Source data:
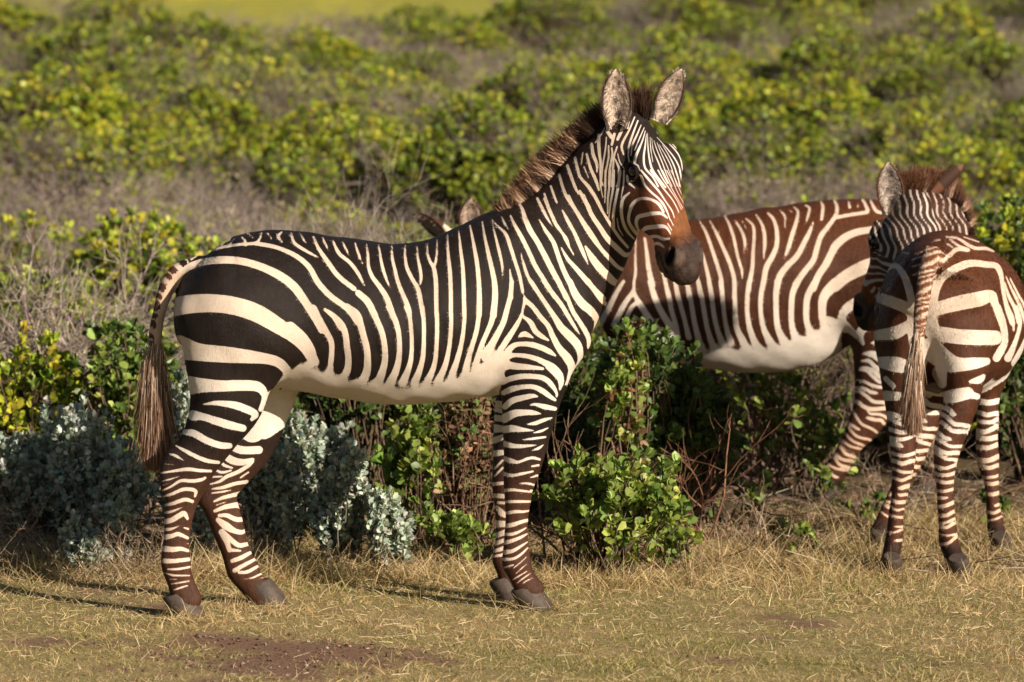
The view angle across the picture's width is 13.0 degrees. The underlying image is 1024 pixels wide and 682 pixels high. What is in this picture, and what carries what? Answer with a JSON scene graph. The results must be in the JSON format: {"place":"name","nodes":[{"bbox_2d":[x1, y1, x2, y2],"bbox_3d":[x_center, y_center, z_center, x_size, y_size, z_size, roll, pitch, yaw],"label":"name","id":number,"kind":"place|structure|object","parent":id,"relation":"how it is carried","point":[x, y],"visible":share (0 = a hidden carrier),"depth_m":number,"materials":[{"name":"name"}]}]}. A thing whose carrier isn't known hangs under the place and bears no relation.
{"place":"outdoors","nodes":[
{"label":"outdoors","id":0,"kind":"place"},
{"bbox_2d":[0,0,1023,681],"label":"ground","id":1,"kind":"structure","parent":0,"point":[256,10],"depth_m":13.62,"materials":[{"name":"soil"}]},
{"bbox_2d":[0,0,82,62],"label":"leafy bush","id":2,"kind":"object","parent":1,"relation":"on","point":[14,18],"visible":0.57,"depth_m":41.53,"materials":[{"name":"green plant"}]},
{"bbox_2d":[0,320,111,504],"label":"leafy shrub","id":3,"kind":"object","parent":1,"relation":"on","point":[20,400],"visible":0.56,"depth_m":16.68,"materials":[{"name":"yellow plant"}]},
{"bbox_2d":[0,264,122,380],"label":"leafy bush","id":4,"kind":"object","parent":1,"relation":"on","point":[14,304],"visible":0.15,"depth_m":18.27,"materials":[{"name":"green plant"}]},
{"bbox_2d":[0,61,142,196],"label":"leafy bush","id":5,"kind":"object","parent":1,"relation":"on","point":[93,106],"visible":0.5,"depth_m":30.36,"materials":[{"name":"green plant"}]},
{"bbox_2d":[0,175,147,308],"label":"leafy bush","id":6,"kind":"object","parent":1,"relation":"on","point":[10,221],"visible":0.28,"depth_m":21.73,"materials":[{"name":"green plant"}]},
{"bbox_2d":[0,83,148,206],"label":"leafy bush","id":7,"kind":"object","parent":1,"relation":"on","point":[22,144],"visible":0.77,"depth_m":29.28,"materials":[{"name":"green plant"}]},
{"bbox_2d":[0,391,153,537],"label":"silver shrub","id":8,"kind":"object","parent":1,"relation":"on","point":[32,453],"visible":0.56,"depth_m":15.81,"materials":[{"name":"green plant"}]},
{"bbox_2d":[0,448,156,579],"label":"dry sticks","id":9,"kind":"object","parent":1,"relation":"on","point":[27,537],"visible":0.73,"depth_m":15.04,"materials":[{"name":"brown plant"}]},
{"bbox_2d":[55,509,112,573],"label":"silver shrub","id":10,"kind":"object","parent":1,"relation":"on","point":[71,533],"visible":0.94,"depth_m":14.94,"materials":[{"name":"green plant"}]},
{"bbox_2d":[0,212,191,483],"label":"dry bush","id":11,"kind":"object","parent":1,"relation":"on","point":[81,344],"visible":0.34,"depth_m":17.53,"materials":[{"name":"grey plant"}]},
{"bbox_2d":[10,241,185,376],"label":"leafy bush","id":12,"kind":"object","parent":1,"relation":"on","point":[80,304],"visible":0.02,"depth_m":18.47,"materials":[{"name":"green plant"}]},
{"bbox_2d":[6,36,191,98],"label":"leafy bush","id":13,"kind":"object","parent":1,"relation":"on","point":[93,59],"visible":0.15,"depth_m":34.35,"materials":[{"name":"green plant"}]},
{"bbox_2d":[46,395,160,545],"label":"silver shrub","id":14,"kind":"object","parent":1,"relation":"on","point":[105,475],"visible":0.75,"depth_m":15.53,"materials":[{"name":"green plant"}]},
{"bbox_2d":[0,142,213,262],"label":"twiggy bush","id":15,"kind":"object","parent":1,"relation":"on","point":[15,208],"visible":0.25,"depth_m":24.62,"materials":[{"name":"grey plant"}]},
{"bbox_2d":[38,0,186,36],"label":"leafy bush","id":16,"kind":"object","parent":1,"relation":"on","point":[119,8],"visible":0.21,"depth_m":41.20,"materials":[{"name":"green plant"}]},
{"bbox_2d":[102,490,136,567],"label":"silver shrub","id":17,"kind":"object","parent":1,"relation":"on","point":[121,509],"visible":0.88,"depth_m":15.00,"materials":[{"name":"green plant"}]},
{"bbox_2d":[66,317,179,512],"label":"leafy shrub","id":18,"kind":"object","parent":1,"relation":"on","point":[119,405],"visible":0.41,"depth_m":16.53,"materials":[{"name":"green plant"}]},
{"bbox_2d":[38,60,209,134],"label":"leafy bush","id":19,"kind":"object","parent":1,"relation":"on","point":[153,85],"visible":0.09,"depth_m":32.21,"materials":[{"name":"green plant"}]},
{"bbox_2d":[25,6,231,93],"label":"leafy bush","id":20,"kind":"object","parent":1,"relation":"on","point":[81,34],"visible":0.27,"depth_m":35.38,"materials":[{"name":"green plant"}]},
{"bbox_2d":[63,507,204,580],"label":"dry sticks","id":21,"kind":"object","parent":1,"relation":"on","point":[120,548],"visible":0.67,"depth_m":14.80,"materials":[{"name":"brown plant"}]},
{"bbox_2d":[23,113,263,224],"bbox_3d":[-2.279,-1.054,28.379,1.682,0.906,1.367,3,1,7],"label":"leafy bush","id":22,"kind":"object","parent":1,"relation":"on","point":[165,157],"visible":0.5,"depth_m":28.19,"materials":[{"name":"green plant"}]},
{"bbox_2d":[0,158,298,329],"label":"leafy bush","id":23,"kind":"object","parent":1,"relation":"on","point":[172,227],"visible":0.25,"depth_m":20.59,"materials":[{"name":"green plant"}]},
{"bbox_2d":[5,160,319,258],"bbox_3d":[-2.162,-0.484,23.695,1.897,0.922,1.947,2,5,26],"label":"twiggy bush","id":24,"kind":"object","parent":1,"relation":"on","point":[71,223],"visible":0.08,"depth_m":23.88,"materials":[{"name":"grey plant"}]},
{"bbox_2d":[153,366,197,538],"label":"silver shrub","id":25,"kind":"object","parent":1,"relation":"on","point":[182,389],"visible":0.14,"depth_m":15.79,"materials":[{"name":"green plant"}]},
{"bbox_2d":[51,135,313,232],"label":"twiggy bush","id":26,"kind":"object","parent":1,"relation":"on","point":[171,197],"visible":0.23,"depth_m":26.52,"materials":[{"name":"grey plant"}]},
{"bbox_2d":[121,106,252,168],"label":"leafy bush","id":27,"kind":"object","parent":1,"relation":"on","point":[161,131],"visible":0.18,"depth_m":30.16,"materials":[{"name":"green plant"}]},
{"bbox_2d":[189,504,217,563],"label":"bush","id":28,"kind":"object","parent":1,"relation":"on","point":[200,526],"visible":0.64,"depth_m":15.12,"materials":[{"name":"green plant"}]},
{"bbox_2d":[95,1,314,86],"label":"leafy bush","id":29,"kind":"object","parent":1,"relation":"on","point":[152,31],"visible":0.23,"depth_m":37.36,"materials":[{"name":"green plant"}]},
{"bbox_2d":[137,36,294,90],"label":"leafy bush","id":30,"kind":"object","parent":1,"relation":"on","point":[234,58],"visible":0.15,"depth_m":36.27,"materials":[{"name":"green plant"}]},
{"bbox_2d":[67,170,368,241],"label":"twiggy bush","id":31,"kind":"object","parent":1,"relation":"on","point":[238,213],"visible":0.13,"depth_m":25.30,"materials":[{"name":"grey plant"}]},
{"bbox_2d":[128,21,359,153],"bbox_3d":[-1.881,-1.687,31.919,1.697,1.165,1.695,1,4,12],"label":"leafy bush","id":32,"kind":"object","parent":1,"relation":"on","point":[236,100],"visible":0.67,"depth_m":31.77,"materials":[{"name":"green plant"}]},
{"bbox_2d":[237,438,311,559],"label":"silver shrub","id":33,"kind":"object","parent":1,"relation":"on","point":[270,489],"visible":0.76,"depth_m":15.20,"materials":[{"name":"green plant"}]},
{"bbox_2d":[123,125,464,421],"bbox_3d":[-0.703,-0.179,18.270,1.769,1.393,1.313,0,4,0],"label":"dry bush","id":34,"kind":"object","parent":1,"relation":"on","point":[370,233],"visible":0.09,"depth_m":18.32,"materials":[{"name":"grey plant"}]},
{"bbox_2d":[204,134,412,230],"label":"leafy bush","id":35,"kind":"object","parent":1,"relation":"on","point":[289,172],"visible":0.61,"depth_m":26.91,"materials":[{"name":"green plant"}]},
{"bbox_2d":[284,47,343,82],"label":"leafy bush","id":36,"kind":"object","parent":1,"relation":"on","point":[334,60],"visible":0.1,"depth_m":37.89,"materials":[{"name":"green plant"}]},
{"bbox_2d":[277,407,365,540],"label":"silver shrub","id":37,"kind":"object","parent":1,"relation":"on","point":[316,450],"visible":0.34,"depth_m":15.80,"materials":[{"name":"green plant"}]},
{"bbox_2d":[253,96,399,212],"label":"leafy bush","id":38,"kind":"object","parent":1,"relation":"on","point":[326,139],"visible":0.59,"depth_m":27.80,"materials":[{"name":"green plant"}]},
{"bbox_2d":[306,439,371,566],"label":"silver shrub","id":39,"kind":"object","parent":1,"relation":"on","point":[335,507],"visible":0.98,"depth_m":15.02,"materials":[{"name":"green plant"}]},
{"bbox_2d":[256,2,423,56],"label":"twiggy bush","id":40,"kind":"object","parent":1,"relation":"on","point":[350,29],"visible":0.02,"depth_m":40.22,"materials":[{"name":"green plant"}]},
{"bbox_2d":[271,7,413,74],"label":"leafy bush","id":41,"kind":"object","parent":1,"relation":"on","point":[341,44],"visible":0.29,"depth_m":38.74,"materials":[{"name":"green plant"}]},
{"bbox_2d":[255,177,465,242],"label":"leafy bush","id":42,"kind":"object","parent":1,"relation":"on","point":[320,201],"visible":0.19,"depth_m":26.16,"materials":[{"name":"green plant"}]},
{"bbox_2d":[13,624,722,681],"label":"soil crumbs","id":43,"kind":"object","parent":1,"relation":"on","point":[198,635],"visible":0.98,"depth_m":13.06,"materials":[{"name":"brown soil"}]},
{"bbox_2d":[291,391,458,518],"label":"leafy shrub","id":44,"kind":"object","parent":1,"relation":"on","point":[333,411],"visible":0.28,"depth_m":16.38,"materials":[{"name":"green plant"}]},
{"bbox_2d":[322,114,431,211],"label":"leafy bush","id":45,"kind":"object","parent":1,"relation":"on","point":[401,154],"visible":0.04,"depth_m":28.93,"materials":[{"name":"green plant"}]},
{"bbox_2d":[270,45,506,133],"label":"leafy bush","id":46,"kind":"object","parent":1,"relation":"on","point":[362,95],"visible":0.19,"depth_m":31.77,"materials":[{"name":"green plant"}]},
{"bbox_2d":[362,485,417,570],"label":"silver shrub","id":47,"kind":"object","parent":1,"relation":"on","point":[387,526],"visible":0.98,"depth_m":14.93,"materials":[{"name":"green plant"}]},
{"bbox_2d":[310,64,471,119],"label":"leafy bush","id":48,"kind":"object","parent":1,"relation":"on","point":[345,76],"visible":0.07,"depth_m":32.55,"materials":[{"name":"green plant"}]},
{"bbox_2d":[323,47,464,86],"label":"leafy bush","id":49,"kind":"object","parent":1,"relation":"on","point":[418,68],"visible":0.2,"depth_m":36.71,"materials":[{"name":"green plant"}]},
{"bbox_2d":[368,403,446,548],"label":"leafy shrub","id":50,"kind":"object","parent":1,"relation":"on","point":[413,470],"visible":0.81,"depth_m":15.52,"materials":[{"name":"green plant"}]},
{"bbox_2d":[128,67,703,617],"bbox_3d":[-0.313,0.004,14.027,1.763,1.713,0.600,-1,4,-8],"label":"zebra","id":51,"kind":"object","parent":1,"relation":"on","point":[504,301],"visible":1,"depth_m":13.89,"materials":[{"name":"fur"}]},
{"bbox_2d":[329,2,506,52],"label":"leafy bush","id":52,"kind":"object","parent":1,"relation":"on","point":[416,23],"visible":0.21,"depth_m":42.51,"materials":[{"name":"green plant"}]},
{"bbox_2d":[300,60,550,147],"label":"leafy bush","id":53,"kind":"object","parent":1,"relation":"on","point":[400,120],"visible":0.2,"depth_m":30.68,"materials":[{"name":"green plant"}]},
{"bbox_2d":[264,79,592,224],"bbox_3d":[-0.417,-1.104,27.147,2.115,1.036,1.982,4,5,12],"label":"leafy bush","id":54,"kind":"object","parent":1,"relation":"on","point":[470,151],"visible":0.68,"depth_m":26.77,"materials":[{"name":"green plant"}]},
{"bbox_2d":[358,156,523,240],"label":"leafy bush","id":55,"kind":"object","parent":1,"relation":"on","point":[483,196],"visible":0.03,"depth_m":25.12,"materials":[{"name":"green plant"}]},
{"bbox_2d":[411,500,495,565],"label":"leafy shrub","id":56,"kind":"object","parent":1,"relation":"on","point":[458,535],"visible":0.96,"depth_m":15.03,"materials":[{"name":"green plant"}]},
{"bbox_2d":[364,25,547,87],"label":"twiggy bush","id":57,"kind":"object","parent":1,"relation":"on","point":[465,56],"visible":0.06,"depth_m":37.77,"materials":[{"name":"brown plant"}]},
{"bbox_2d":[353,396,563,545],"bbox_3d":[-0.170,0.397,15.713,0.655,0.637,1.025,-2,5,-23],"label":"dry shrub","id":58,"kind":"object","parent":1,"relation":"on","point":[466,453],"visible":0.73,"depth_m":15.57,"materials":[{"name":"brown plant"}]},
{"bbox_2d":[382,16,557,61],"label":"leafy bush","id":59,"kind":"object","parent":1,"relation":"on","point":[485,35],"visible":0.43,"depth_m":41.10,"materials":[{"name":"green plant"}]},
{"bbox_2d":[0,464,1023,578],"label":"twig litter","id":60,"kind":"object","parent":1,"relation":"on","point":[849,486],"visible":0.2,"depth_m":15.90,"materials":[{"name":"brown plant"}]},
{"bbox_2d":[422,34,607,97],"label":"leafy bush","id":61,"kind":"object","parent":1,"relation":"on","point":[574,58],"visible":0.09,"depth_m":35.41,"materials":[{"name":"green plant"}]},
{"bbox_2d":[452,340,600,516],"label":"leafy shrub","id":62,"kind":"object","parent":1,"relation":"on","point":[567,406],"visible":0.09,"depth_m":16.55,"materials":[{"name":"green plant"}]},
{"bbox_2d":[466,46,635,121],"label":"leafy bush","id":63,"kind":"object","parent":1,"relation":"on","point":[516,93],"visible":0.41,"depth_m":32.00,"materials":[{"name":"green plant"}]},
{"bbox_2d":[450,369,656,561],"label":"dry sticks","id":64,"kind":"object","parent":1,"relation":"on","point":[564,544],"visible":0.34,"depth_m":15.19,"materials":[{"name":"brown plant"}]},
{"bbox_2d":[482,0,658,49],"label":"leafy bush","id":65,"kind":"object","parent":1,"relation":"on","point":[544,20],"visible":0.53,"depth_m":43.03,"materials":[{"name":"green plant"}]},
{"bbox_2d":[522,21,626,70],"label":"leafy bush","id":66,"kind":"object","parent":1,"relation":"on","point":[561,44],"visible":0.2,"depth_m":41.87,"materials":[{"name":"green plant"}]},
{"bbox_2d":[531,443,693,576],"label":"leafy shrub","id":67,"kind":"object","parent":1,"relation":"on","point":[610,514],"visible":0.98,"depth_m":14.82,"materials":[{"name":"green plant"}]},
{"bbox_2d":[587,317,651,538],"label":"leafy shrub","id":68,"kind":"object","parent":1,"relation":"on","point":[625,389],"visible":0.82,"depth_m":15.64,"materials":[{"name":"green plant"}]},
{"bbox_2d":[535,29,755,119],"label":"leafy bush","id":69,"kind":"object","parent":1,"relation":"on","point":[707,88],"visible":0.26,"depth_m":32.67,"materials":[{"name":"green plant"}]},
{"bbox_2d":[580,0,732,33],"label":"leafy bush","id":70,"kind":"object","parent":1,"relation":"on","point":[683,11],"visible":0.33,"depth_m":44.14,"materials":[{"name":"green plant"}]},
{"bbox_2d":[575,316,746,527],"bbox_3d":[0.531,0.308,16.020,0.614,0.772,0.643,0,4,0],"label":"leafy shrub","id":71,"kind":"object","parent":1,"relation":"on","point":[685,399],"visible":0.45,"depth_m":15.87,"materials":[{"name":"green plant"}]},
{"bbox_2d":[644,507,702,570],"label":"leafy shrub","id":72,"kind":"object","parent":1,"relation":"on","point":[681,534],"visible":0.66,"depth_m":14.97,"materials":[{"name":"green plant"}]},
{"bbox_2d":[412,197,938,502],"bbox_3d":[0.645,0.038,17.137,2.099,1.224,0.510,0,4,0],"label":"zebra","id":73,"kind":"object","parent":1,"relation":"on","point":[773,289],"visible":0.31,"depth_m":16.94,"materials":[{"name":"fur"}]},
{"bbox_2d":[534,398,816,567],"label":"dry sticks","id":74,"kind":"object","parent":1,"relation":"on","point":[701,490],"visible":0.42,"depth_m":15.54,"materials":[{"name":"brown plant"}]},
{"bbox_2d":[569,19,798,104],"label":"leafy bush","id":75,"kind":"object","parent":1,"relation":"on","point":[678,42],"visible":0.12,"depth_m":33.65,"materials":[{"name":"green plant"}]},
{"bbox_2d":[591,12,778,56],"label":"leafy bush","id":76,"kind":"object","parent":1,"relation":"on","point":[708,29],"visible":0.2,"depth_m":40.06,"materials":[{"name":"green plant"}]},
{"bbox_2d":[648,92,729,167],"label":"leafy bush","id":77,"kind":"object","parent":1,"relation":"on","point":[684,122],"visible":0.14,"depth_m":29.47,"materials":[{"name":"green plant"}]},
{"bbox_2d":[648,16,785,88],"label":"leafy bush","id":78,"kind":"object","parent":1,"relation":"on","point":[735,56],"visible":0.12,"depth_m":35.50,"materials":[{"name":"green plant"}]},
{"bbox_2d":[594,329,926,487],"bbox_3d":[1.069,0.074,17.981,1.546,0.951,1.545,-2,5,-23],"label":"dry bush","id":79,"kind":"object","parent":1,"relation":"on","point":[819,377],"visible":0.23,"depth_m":17.91,"materials":[{"name":"brown plant"}]},
{"bbox_2d":[683,475,853,558],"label":"dry sticks","id":80,"kind":"object","parent":1,"relation":"on","point":[760,517],"visible":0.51,"depth_m":15.43,"materials":[{"name":"brown plant"}]},
{"bbox_2d":[659,93,887,196],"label":"leafy bush","id":81,"kind":"object","parent":1,"relation":"on","point":[786,140],"visible":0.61,"depth_m":28.46,"materials":[{"name":"green plant"}]},
{"bbox_2d":[725,371,823,491],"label":"leafy shrub","id":82,"kind":"object","parent":1,"relation":"on","point":[790,379],"visible":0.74,"depth_m":17.41,"materials":[{"name":"green plant"}]},
{"bbox_2d":[681,139,880,219],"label":"twiggy bush","id":83,"kind":"object","parent":1,"relation":"on","point":[726,199],"visible":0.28,"depth_m":25.82,"materials":[{"name":"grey plant"}]},
{"bbox_2d":[714,68,889,190],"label":"leafy bush","id":84,"kind":"object","parent":1,"relation":"on","point":[798,107],"visible":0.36,"depth_m":30.82,"materials":[{"name":"green plant"}]},
{"bbox_2d":[765,386,857,493],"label":"leafy shrub","id":85,"kind":"object","parent":1,"relation":"on","point":[826,438],"visible":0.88,"depth_m":17.28,"materials":[{"name":"green plant"}]},
{"bbox_2d":[749,12,875,49],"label":"leafy bush","id":86,"kind":"object","parent":1,"relation":"on","point":[829,24],"visible":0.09,"depth_m":41.27,"materials":[{"name":"green plant"}]},
{"bbox_2d":[777,0,874,36],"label":"leafy bush","id":87,"kind":"object","parent":1,"relation":"on","point":[803,10],"visible":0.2,"depth_m":42.41,"materials":[{"name":"green plant"}]},
{"bbox_2d":[731,10,936,111],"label":"leafy bush","id":88,"kind":"object","parent":1,"relation":"on","point":[794,54],"visible":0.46,"depth_m":34.78,"materials":[{"name":"green plant"}]},
{"bbox_2d":[748,0,933,24],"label":"leafy bush","id":89,"kind":"object","parent":1,"relation":"on","point":[855,3],"visible":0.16,"depth_m":45.60,"materials":[{"name":"green plant"}]},
{"bbox_2d":[737,139,1023,219],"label":"twiggy bush","id":90,"kind":"object","parent":1,"relation":"on","point":[869,188],"visible":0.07,"depth_m":26.98,"materials":[{"name":"brown plant"}]},
{"bbox_2d":[813,82,976,199],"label":"leafy bush","id":91,"kind":"object","parent":1,"relation":"on","point":[853,148],"visible":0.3,"depth_m":29.36,"materials":[{"name":"green plant"}]},
{"bbox_2d":[805,0,1009,55],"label":"leafy bush","id":92,"kind":"object","parent":1,"relation":"on","point":[950,21],"visible":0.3,"depth_m":39.67,"materials":[{"name":"green plant"}]},
{"bbox_2d":[861,17,985,81],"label":"leafy bush","id":93,"kind":"object","parent":1,"relation":"on","point":[890,51],"visible":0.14,"depth_m":37.74,"materials":[{"name":"green plant"}]},
{"bbox_2d":[832,111,1023,217],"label":"leafy bush","id":94,"kind":"object","parent":1,"relation":"on","point":[994,166],"visible":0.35,"depth_m":27.93,"materials":[{"name":"green plant"}]},
{"bbox_2d":[833,437,1023,518],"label":"dry sticks","id":95,"kind":"object","parent":1,"relation":"on","point":[913,492],"visible":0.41,"depth_m":16.69,"materials":[{"name":"brown plant"}]},
{"bbox_2d":[853,162,1023,575],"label":"zebra","id":96,"kind":"object","parent":1,"relation":"on","point":[938,305],"visible":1,"depth_m":15.06,"materials":[{"name":"fur"}]},
{"bbox_2d":[871,48,1019,107],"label":"leafy bush","id":97,"kind":"object","parent":1,"relation":"on","point":[913,83],"visible":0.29,"depth_m":34.84,"materials":[{"name":"green plant"}]},
{"bbox_2d":[871,73,1021,128],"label":"leafy bush","id":98,"kind":"object","parent":1,"relation":"on","point":[927,105],"visible":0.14,"depth_m":32.57,"materials":[{"name":"green plant"}]},
{"bbox_2d":[884,37,1023,95],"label":"leafy bush","id":99,"kind":"object","parent":1,"relation":"on","point":[989,54],"visible":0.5,"depth_m":36.21,"materials":[{"name":"green plant"}]},
{"bbox_2d":[924,90,1023,159],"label":"leafy bush","id":100,"kind":"object","parent":1,"relation":"on","point":[997,120],"visible":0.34,"depth_m":30.20,"materials":[{"name":"green plant"}]},
{"bbox_2d":[963,193,1023,451],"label":"leafy shrub","id":101,"kind":"object","parent":1,"relation":"on","point":[1007,236],"visible":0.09,"depth_m":18.85,"materials":[{"name":"green plant"}]},
{"bbox_2d":[975,349,1023,484],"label":"leafy shrub","id":102,"kind":"object","parent":1,"relation":"on","point":[1011,406],"visible":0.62,"depth_m":17.55,"materials":[{"name":"green plant"}]},
{"bbox_2d":[0,487,1023,681],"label":"dry grass","id":103,"kind":"structure","parent":0,"point":[297,569],"depth_m":14.79,"materials":[{"name":"beige plant"}]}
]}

- **TRY IT**
Looking at the records above, count the lines with the word "place" in them; reply with the number only.

- **TASK SOLUTION**
3